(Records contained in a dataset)
▽

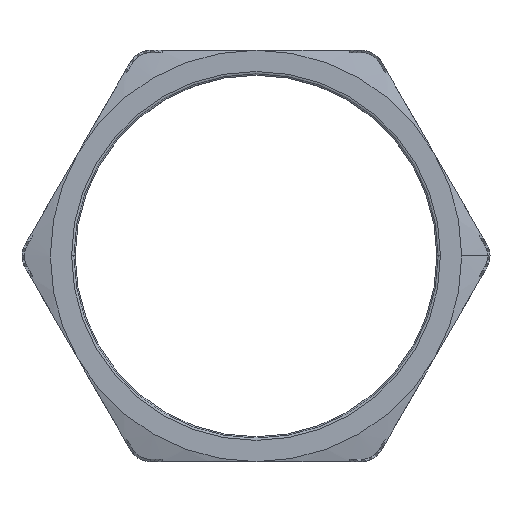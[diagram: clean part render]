
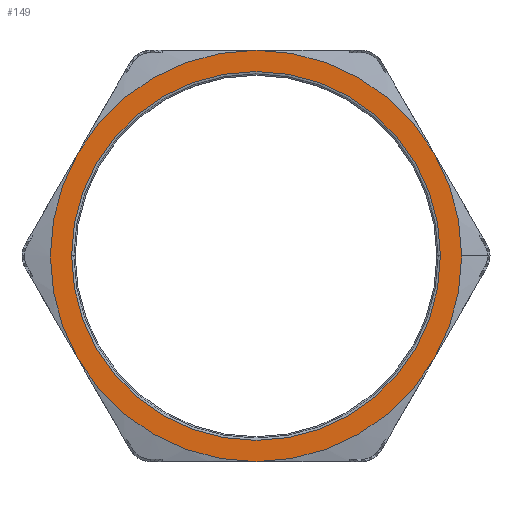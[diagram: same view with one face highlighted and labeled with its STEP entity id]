
A CAD part, top view. The second image highlights one B-rep face of the part: STEP entity #149.
In plain terms, the highlighted planar face has unit normal (0, 0, 1).
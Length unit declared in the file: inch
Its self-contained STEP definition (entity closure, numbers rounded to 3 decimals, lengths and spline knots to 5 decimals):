
#146 = ORIENTED_EDGE ( 'NONE', *, *, #5960, .T. ) ;
#147 = EDGE_LOOP ( 'NONE', ( #148, #146 ) ) ;
#148 = ORIENTED_EDGE ( 'NONE', *, *, #1015, .T. ) ;
#149 = ADVANCED_FACE ( 'NONE', ( #1762, #1811 ), #1810, .F. ) ;
#210 = VERTEX_POINT ( 'NONE', #1914 ) ;
#1015 = EDGE_CURVE ( 'NONE', #1016, #1053, #3155, .T. ) ;
#1016 = VERTEX_POINT ( 'NONE', #3212 ) ;
#1053 = VERTEX_POINT ( 'NONE', #3268 ) ;
#1221 = EDGE_CURVE ( 'NONE', #1222, #1223, #3602, .T. ) ;
#1222 = VERTEX_POINT ( 'NONE', #3598 ) ;
#1223 = VERTEX_POINT ( 'NONE', #3597 ) ;
#1333 = VERTEX_POINT ( 'NONE', #3797 ) ;
#1365 = VERTEX_POINT ( 'NONE', #3884 ) ;
#1472 = VERTEX_POINT ( 'NONE', #4067 ) ;
#1528 = VERTEX_POINT ( 'NONE', #4186 ) ;
#1762 = FACE_BOUND ( 'NONE', #147, .T. ) ;
#1806 = DIRECTION ( 'NONE',  ( -1., 0., 0. ) ) ;
#1807 = DIRECTION ( 'NONE',  ( 0., 0., -1. ) ) ;
#1808 = CARTESIAN_POINT ( 'NONE',  ( 0., 0.91, 0.12 ) ) ;
#1809 = AXIS2_PLACEMENT_3D ( 'NONE', #1808, #1807, #1806 ) ;
#1810 = PLANE ( 'NONE',  #1809 ) ;
#1811 = FACE_OUTER_BOUND ( 'NONE', #5971, .T. ) ;
#1914 = CARTESIAN_POINT ( 'NONE',  ( 0., 0.455, 0.12 ) ) ;
#3152 = DIRECTION ( 'NONE',  ( 0., 0., -1. ) ) ;
#3153 = CARTESIAN_POINT ( 'NONE',  ( 0., 0., 0.12 ) ) ;
#3154 = AXIS2_PLACEMENT_3D ( 'NONE', #3153, #3152, #3213 ) ;
#3155 = CIRCLE ( 'NONE', #3154, 0.408 ) ;
#3212 = CARTESIAN_POINT ( 'NONE',  ( -0.408, 0., 0.12 ) ) ;
#3213 = DIRECTION ( 'NONE',  ( -1., 0., 0. ) ) ;
#3268 = CARTESIAN_POINT ( 'NONE',  ( 0.408, 0., 0.12 ) ) ;
#3597 = CARTESIAN_POINT ( 'NONE',  ( 0.455, 0., 0.12 ) ) ;
#3598 = CARTESIAN_POINT ( 'NONE',  ( 0.39404, 0.2275, 0.12 ) ) ;
#3599 = DIRECTION ( 'NONE',  ( -1., 0., 0. ) ) ;
#3600 = DIRECTION ( 'NONE',  ( 0., 0., -1. ) ) ;
#3601 = AXIS2_PLACEMENT_3D ( 'NONE', #3608, #3600, #3599 ) ;
#3602 = CIRCLE ( 'NONE', #3601, 0.455 ) ;
#3608 = CARTESIAN_POINT ( 'NONE',  ( 0., 0., 0.12 ) ) ;
#3797 = CARTESIAN_POINT ( 'NONE',  ( -0.39404, -0.2275, 0.12 ) ) ;
#3884 = CARTESIAN_POINT ( 'NONE',  ( -0.39404, 0.2275, 0.12 ) ) ;
#4067 = CARTESIAN_POINT ( 'NONE',  ( 0., -0.455, 0.12 ) ) ;
#4186 = CARTESIAN_POINT ( 'NONE',  ( 0.39404, -0.2275, 0.12 ) ) ;
#4599 = DIRECTION ( 'NONE',  ( -1., 0., 0. ) ) ;
#4600 = DIRECTION ( 'NONE',  ( 0., 0., -1. ) ) ;
#4601 = CARTESIAN_POINT ( 'NONE',  ( 0., 0., 0.12 ) ) ;
#4602 = AXIS2_PLACEMENT_3D ( 'NONE', #4601, #4600, #4599 ) ;
#4607 = CIRCLE ( 'NONE', #4602, 0.455 ) ;
#4626 = DIRECTION ( 'NONE',  ( -1., 0., 0. ) ) ;
#4627 = DIRECTION ( 'NONE',  ( 0., 0., -1. ) ) ;
#4628 = AXIS2_PLACEMENT_3D ( 'NONE', #4635, #4627, #4626 ) ;
#4629 = CIRCLE ( 'NONE', #4628, 0.455 ) ;
#4635 = CARTESIAN_POINT ( 'NONE',  ( 0., 0., 0.12 ) ) ;
#4694 = DIRECTION ( 'NONE',  ( -1., 0., 0. ) ) ;
#4695 = DIRECTION ( 'NONE',  ( 0., 0., -1. ) ) ;
#4696 = CARTESIAN_POINT ( 'NONE',  ( 0., 0., 0.12 ) ) ;
#4697 = AXIS2_PLACEMENT_3D ( 'NONE', #4696, #4695, #4694 ) ;
#4698 = CIRCLE ( 'NONE', #4697, 0.455 ) ;
#4699 = DIRECTION ( 'NONE',  ( -1., 0., 0. ) ) ;
#4700 = DIRECTION ( 'NONE',  ( 0., 0., -1. ) ) ;
#4701 = CARTESIAN_POINT ( 'NONE',  ( 0., 0., 0.12 ) ) ;
#4702 = AXIS2_PLACEMENT_3D ( 'NONE', #4701, #4700, #4699 ) ;
#4703 = CIRCLE ( 'NONE', #4702, 0.455 ) ;
#4704 = DIRECTION ( 'NONE',  ( -1., 0., 0. ) ) ;
#4705 = DIRECTION ( 'NONE',  ( 0., 0., -1. ) ) ;
#4706 = CARTESIAN_POINT ( 'NONE',  ( 0., 0., 0.12 ) ) ;
#4707 = AXIS2_PLACEMENT_3D ( 'NONE', #4706, #4705, #4704 ) ;
#4708 = CIRCLE ( 'NONE', #4707, 0.408 ) ;
#4709 = DIRECTION ( 'NONE',  ( -1., 0., 0. ) ) ;
#4710 = DIRECTION ( 'NONE',  ( 0., 0., -1. ) ) ;
#4711 = CARTESIAN_POINT ( 'NONE',  ( 0., 0., 0.12 ) ) ;
#4712 = AXIS2_PLACEMENT_3D ( 'NONE', #4711, #4710, #4709 ) ;
#4713 = CIRCLE ( 'NONE', #4712, 0.455 ) ;
#4737 = DIRECTION ( 'NONE',  ( 1., 0., 0. ) ) ;
#4738 = DIRECTION ( 'NONE',  ( 0., 0., 1. ) ) ;
#4739 = CARTESIAN_POINT ( 'NONE',  ( 0., 0., 0.12 ) ) ;
#4740 = AXIS2_PLACEMENT_3D ( 'NONE', #4739, #4738, #4737 ) ;
#4741 = CIRCLE ( 'NONE', #4740, 0.455 ) ;
#5918 = EDGE_CURVE ( 'NONE', #1223, #1528, #4607, .T. ) ;
#5930 = ORIENTED_EDGE ( 'NONE', *, *, #5918, .F. ) ;
#5936 = EDGE_CURVE ( 'NONE', #1528, #1472, #4629, .T. ) ;
#5948 = ORIENTED_EDGE ( 'NONE', *, *, #5936, .F. ) ;
#5953 = ORIENTED_EDGE ( 'NONE', *, *, #5958, .F. ) ;
#5958 = EDGE_CURVE ( 'NONE', #1472, #1333, #4713, .T. ) ;
#5960 = EDGE_CURVE ( 'NONE', #1053, #1016, #4708, .T. ) ;
#5961 = ORIENTED_EDGE ( 'NONE', *, *, #5968, .F. ) ;
#5963 = ORIENTED_EDGE ( 'NONE', *, *, #5964, .F. ) ;
#5964 = EDGE_CURVE ( 'NONE', #1365, #210, #4703, .T. ) ;
#5968 = EDGE_CURVE ( 'NONE', #1333, #1365, #4698, .T. ) ;
#5971 = EDGE_LOOP ( 'NONE', ( #5963, #5961, #5953, #5948, #5930, #5985, #5983 ) ) ;
#5983 = ORIENTED_EDGE ( 'NONE', *, *, #5986, .T. ) ;
#5985 = ORIENTED_EDGE ( 'NONE', *, *, #1221, .F. ) ;
#5986 = EDGE_CURVE ( 'NONE', #1222, #210, #4741, .T. ) ;

△

• Exercise prompt
For each line of the data that has the word "unit", report that line.

• Solved exercise
In plain terms, the highlighted planar face has unit normal (0, 0, 1).
Length unit declared in the file: inch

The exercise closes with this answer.